Study Design
A single centre, open-label, randomised, single oral dose, cross-over, two-sequence, two-period study was conducted in 30 healthy, Caucasian, adult, male, human subjects under fasting conditions. This study was reviewed and approved by the Ethical Committee (Approval Date: 30.04.2020) and Turkish Medicines and Medical Devices Agency (Approval Date: 04.05.2020), and was held in Turkey according to the regulations run by Ministry of Health of the Republic of Turkey which are in compliance with Declaration of Helsinki and Good Clinical Principles (GCP) [7].

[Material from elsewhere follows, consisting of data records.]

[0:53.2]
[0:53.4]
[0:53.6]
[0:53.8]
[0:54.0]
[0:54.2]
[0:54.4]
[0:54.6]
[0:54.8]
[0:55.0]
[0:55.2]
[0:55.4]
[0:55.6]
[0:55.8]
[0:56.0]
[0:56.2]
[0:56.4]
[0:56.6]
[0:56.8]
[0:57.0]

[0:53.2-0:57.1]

This study was conducted at FARMAGEN-Good Clinical Practice Center, Gaziantep, Turkey. The clinical study Spanned a period of approximately 9 days including prestudy screening, isolation period (5 days), wash-out period (48 hours) and final examination. The standard laboratory examinations in blood and urine were done consistent with the study protocol and the volunteers were checked for presence of HBsAg, HCV-Ab and HIV-Ab in serum. Also Covid-19 PCR tests were applied to the volunteers before isolation period and hospitalization. They were requested to provide a urine sample for a drug screen which include “amphetamines, cannabinoids, benzodiazepines, cocaine, opioids and barbiturates” and an alcohol breath test on entry examinations. All laboratory tests were carried out in a certified local laboratory.

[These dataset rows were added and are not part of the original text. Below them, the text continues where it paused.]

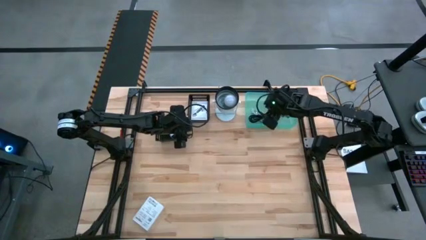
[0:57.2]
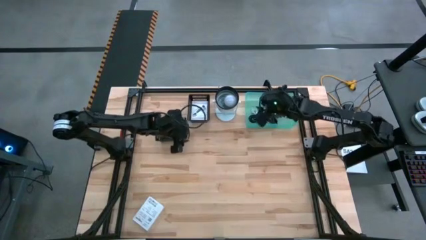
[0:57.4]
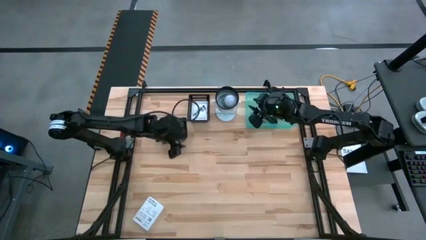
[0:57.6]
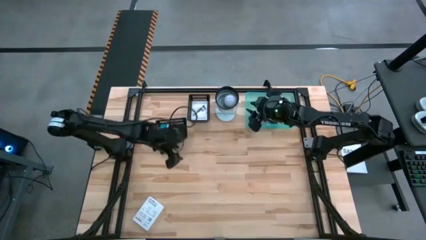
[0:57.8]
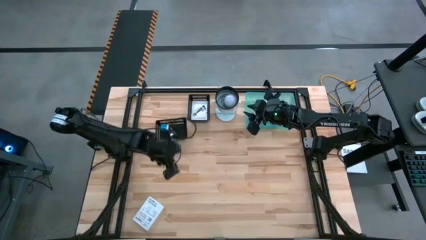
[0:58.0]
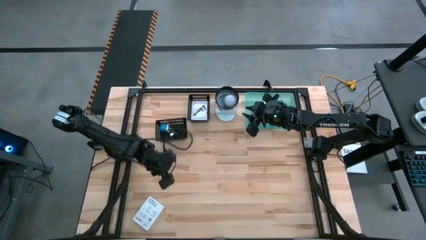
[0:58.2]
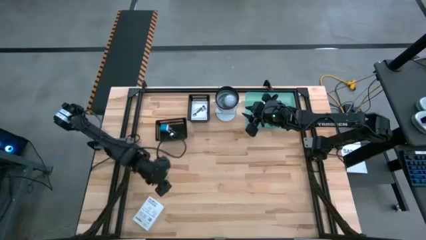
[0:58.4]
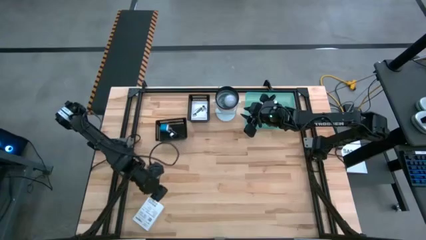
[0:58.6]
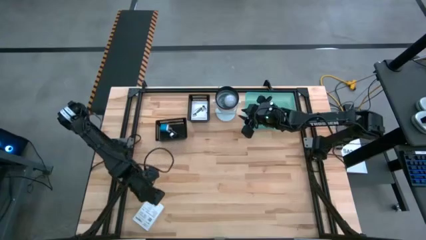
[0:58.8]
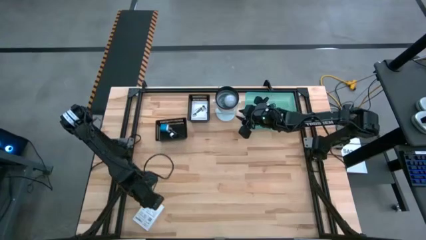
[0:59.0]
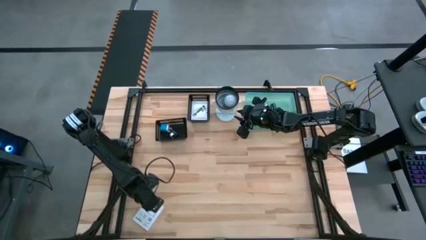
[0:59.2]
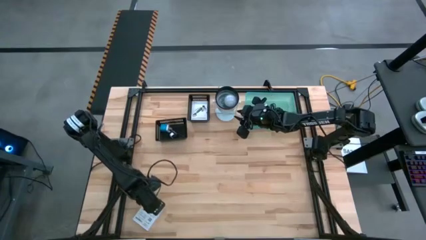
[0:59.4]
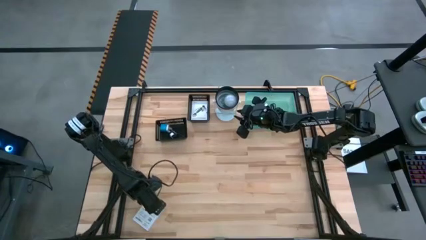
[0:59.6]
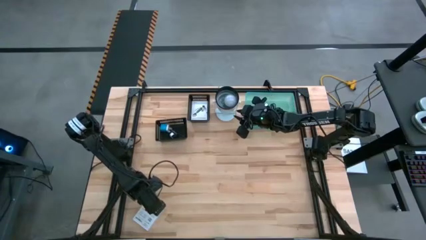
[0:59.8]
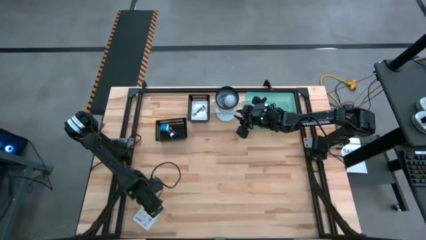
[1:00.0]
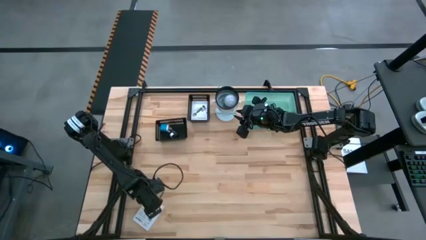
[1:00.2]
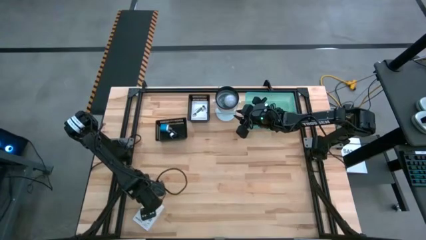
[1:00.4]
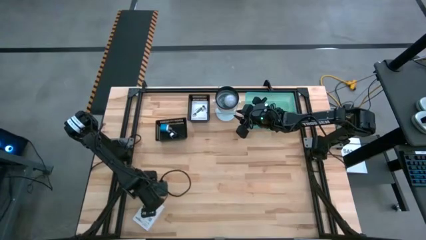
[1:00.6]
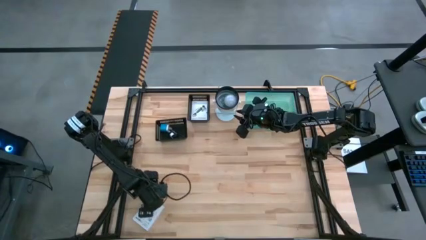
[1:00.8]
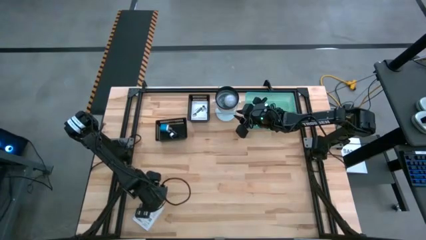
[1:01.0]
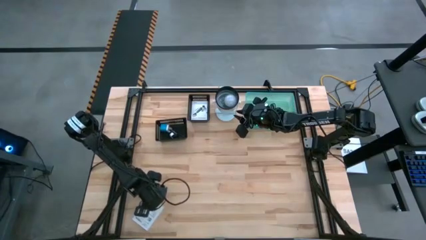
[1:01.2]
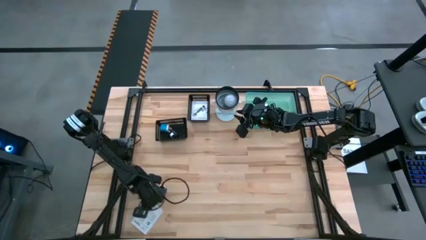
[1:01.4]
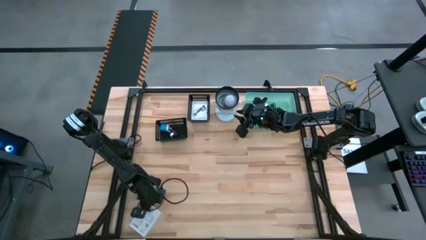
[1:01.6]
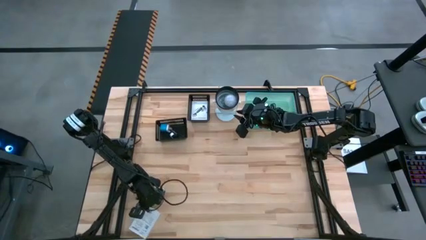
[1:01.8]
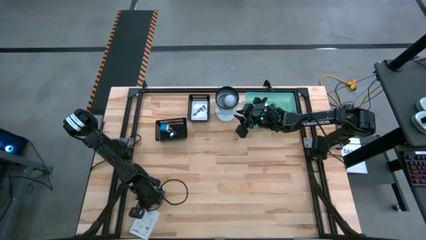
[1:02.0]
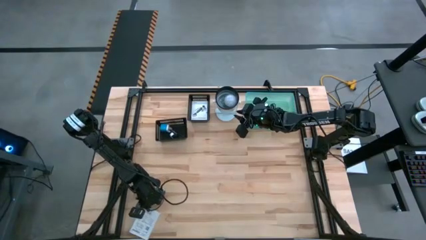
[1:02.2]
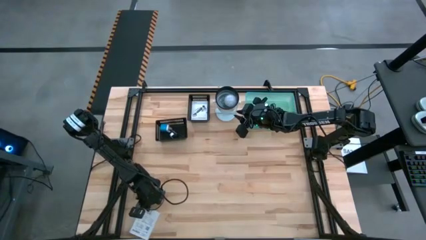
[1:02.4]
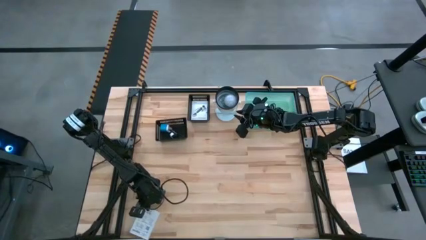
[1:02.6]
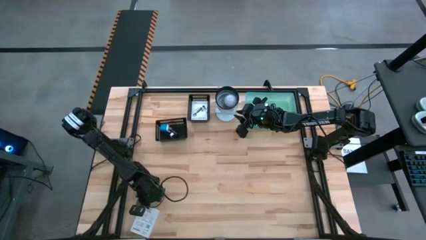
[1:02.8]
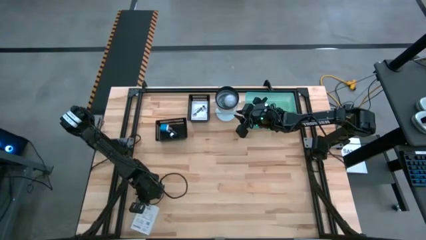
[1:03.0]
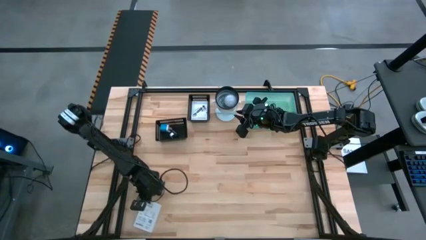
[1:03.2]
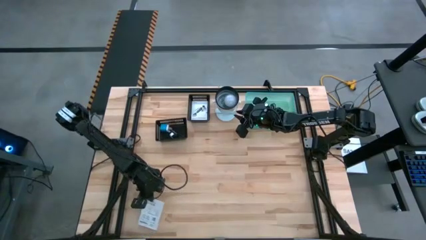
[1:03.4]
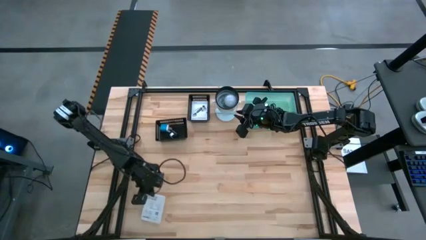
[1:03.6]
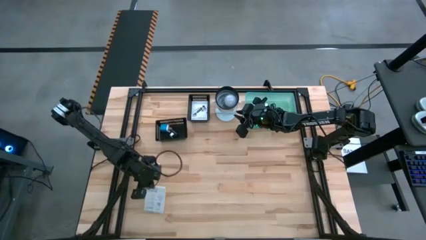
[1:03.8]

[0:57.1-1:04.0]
Put the white box into the top black bin

Depending on the suitability of the volunteers clinical examination and laboratory results, isolation period was provided for 4 nights in single rooms reserved and it was important that the volunteers participating in the study do not come into contact with each other during the isolation and that the rules of isolation were followed due to Covid-19 Pandemic. After isolation period volunteers were transferred to vlinical center depending on negative Covid-19 PCR tests done once more.

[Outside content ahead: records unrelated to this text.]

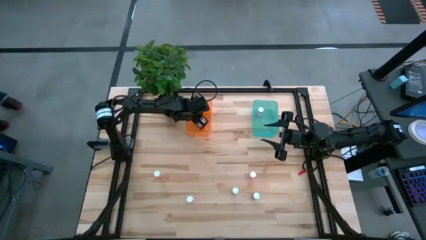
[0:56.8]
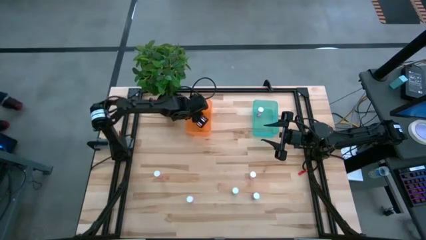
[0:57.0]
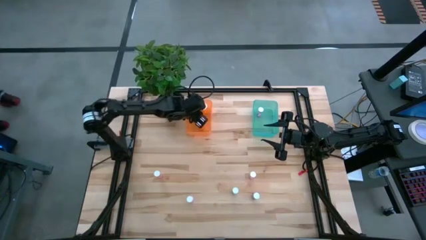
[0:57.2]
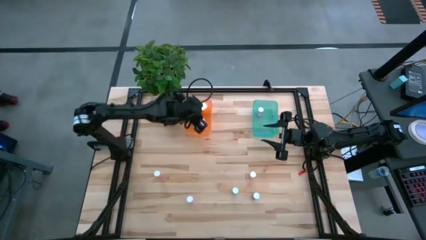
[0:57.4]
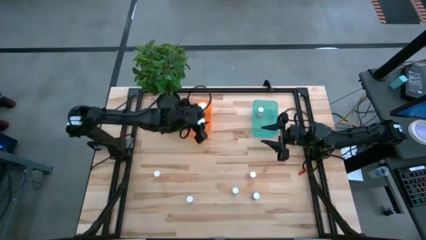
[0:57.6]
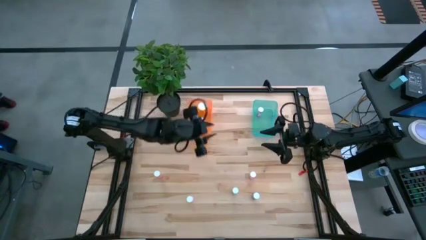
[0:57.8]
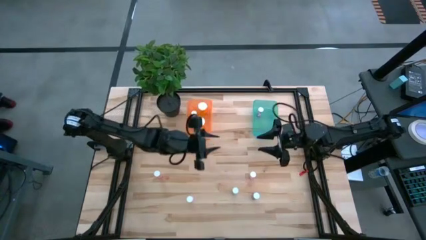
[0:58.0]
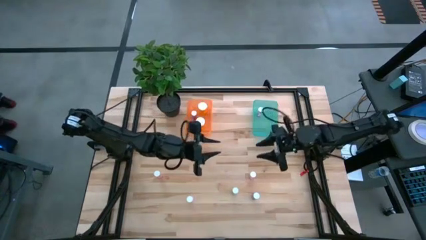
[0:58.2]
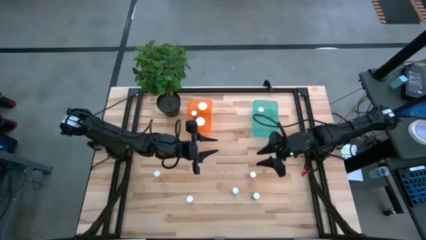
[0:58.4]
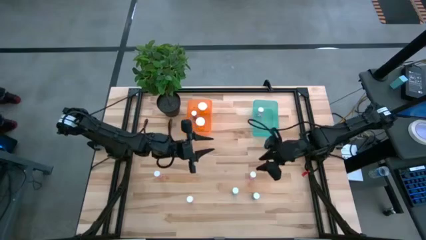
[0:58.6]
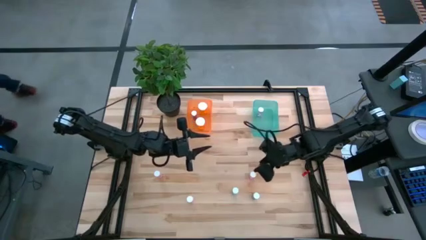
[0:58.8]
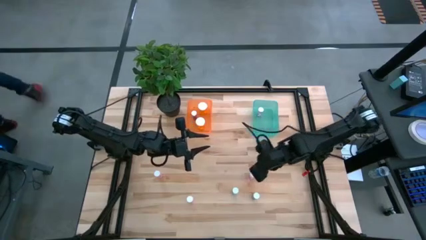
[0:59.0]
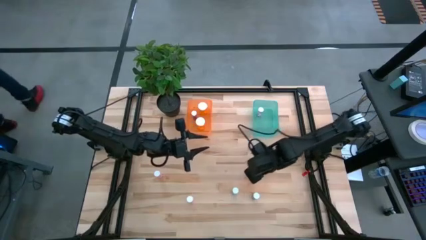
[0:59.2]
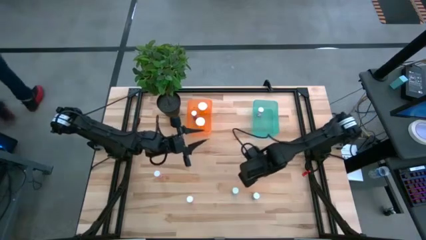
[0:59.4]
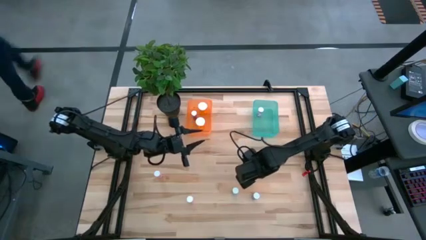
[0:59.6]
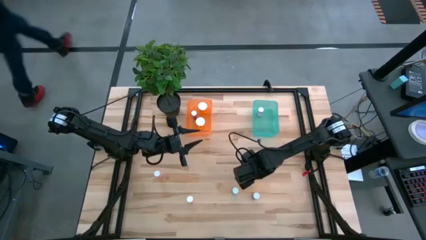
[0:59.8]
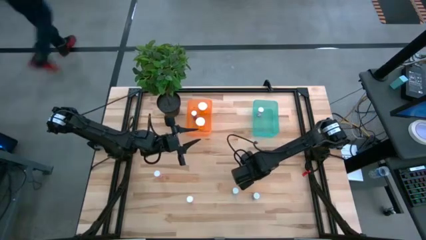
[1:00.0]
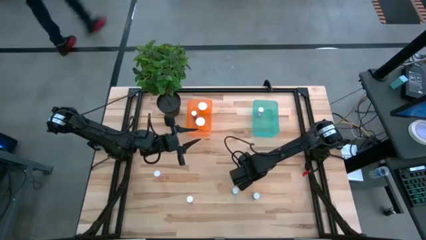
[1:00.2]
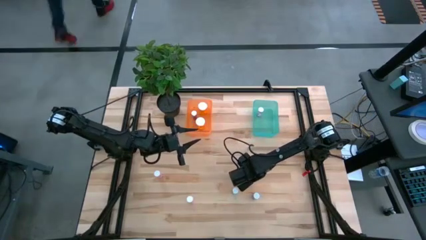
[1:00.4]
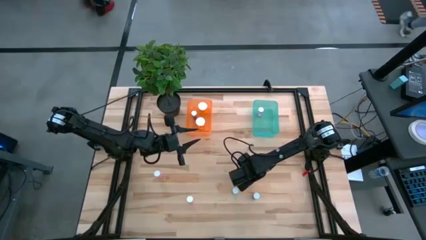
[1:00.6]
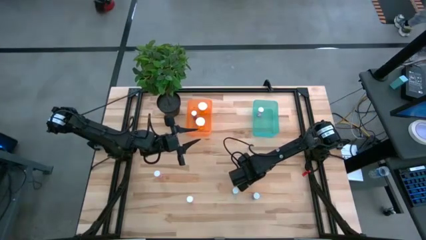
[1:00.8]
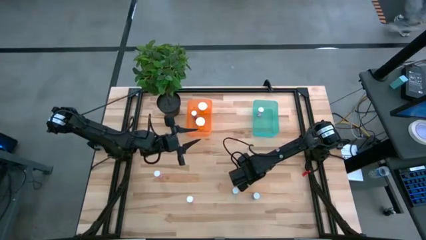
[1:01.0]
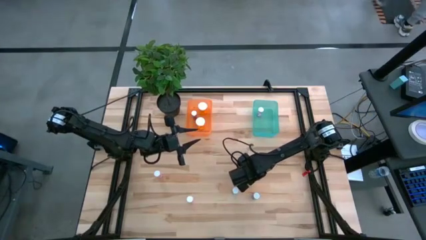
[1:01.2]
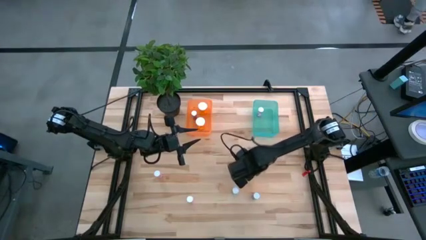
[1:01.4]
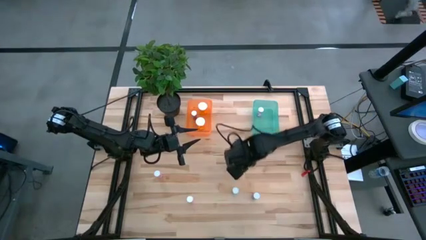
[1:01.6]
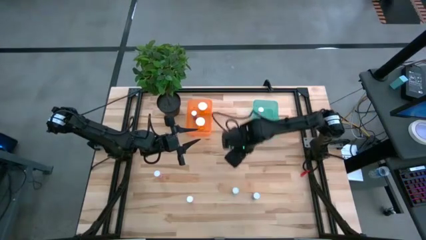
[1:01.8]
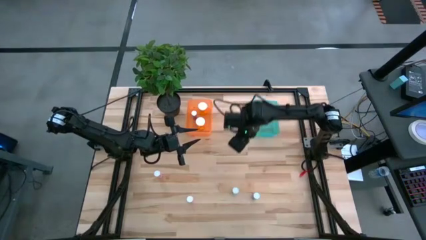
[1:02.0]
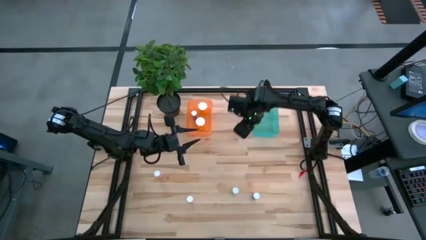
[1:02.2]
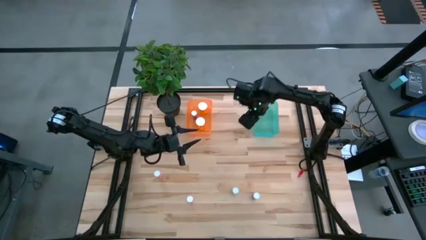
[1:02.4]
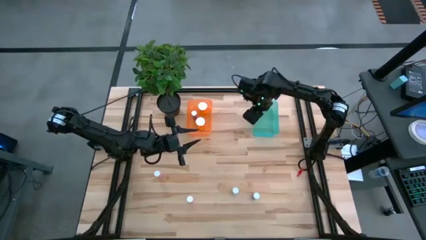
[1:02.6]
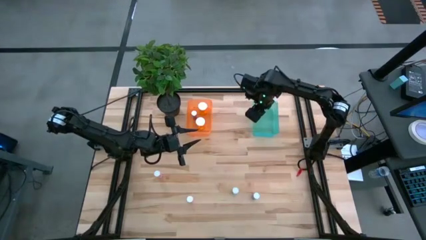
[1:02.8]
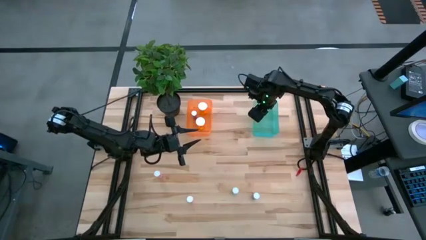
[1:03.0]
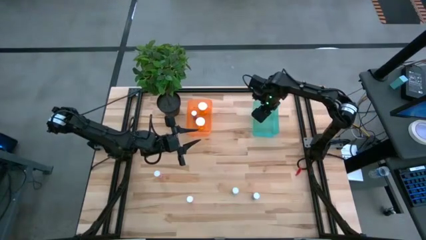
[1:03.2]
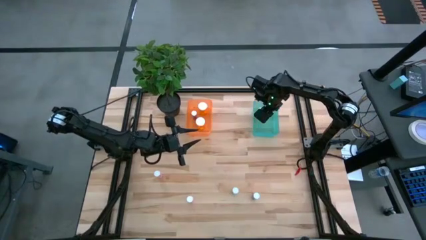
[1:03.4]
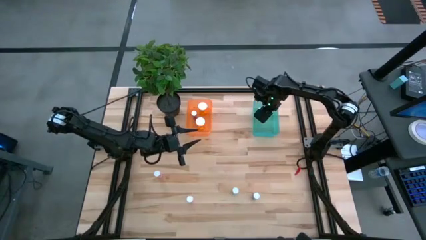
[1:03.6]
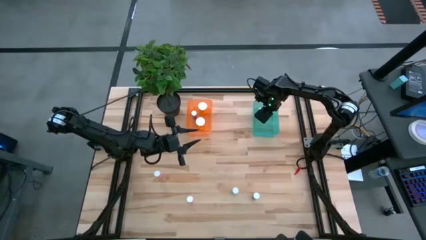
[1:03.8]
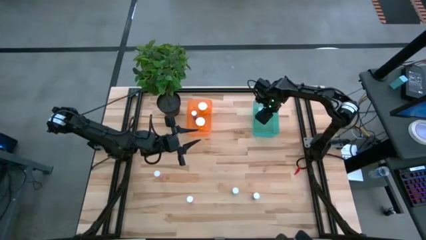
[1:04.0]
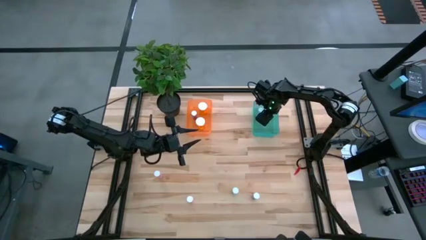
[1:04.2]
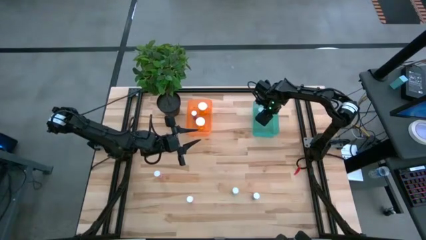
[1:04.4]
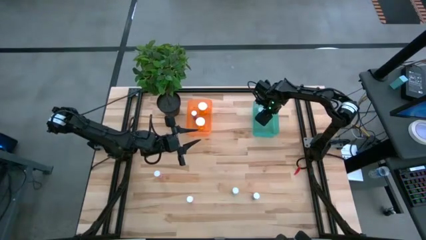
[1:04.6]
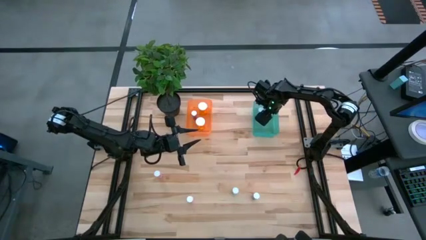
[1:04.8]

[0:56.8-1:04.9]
Task: Pick and place medicine bottles into bin by pill shape (circle, oval)
Put the top right pink tablet bottle into the green bin

A total of 30 subjects have been randomised and 29 subjects completed the clinical study. 10-hour fasted subjects were not allowed to drink water from 1 h before until 1 h after the administration of study products, except while dosing and they remained fasted until 4 hours after administration. Immediately after pre-dose sampling, 1 tablet of the test drug or 1 tablet of the reference drug (200 mg Favipiravir each case), were taken by the subjects with 240 mL of water. After the washout period (approximately 48 hours); in Period II, the subjects were administered the other drug they did not take in the Period I. The same procedures were applied in each period.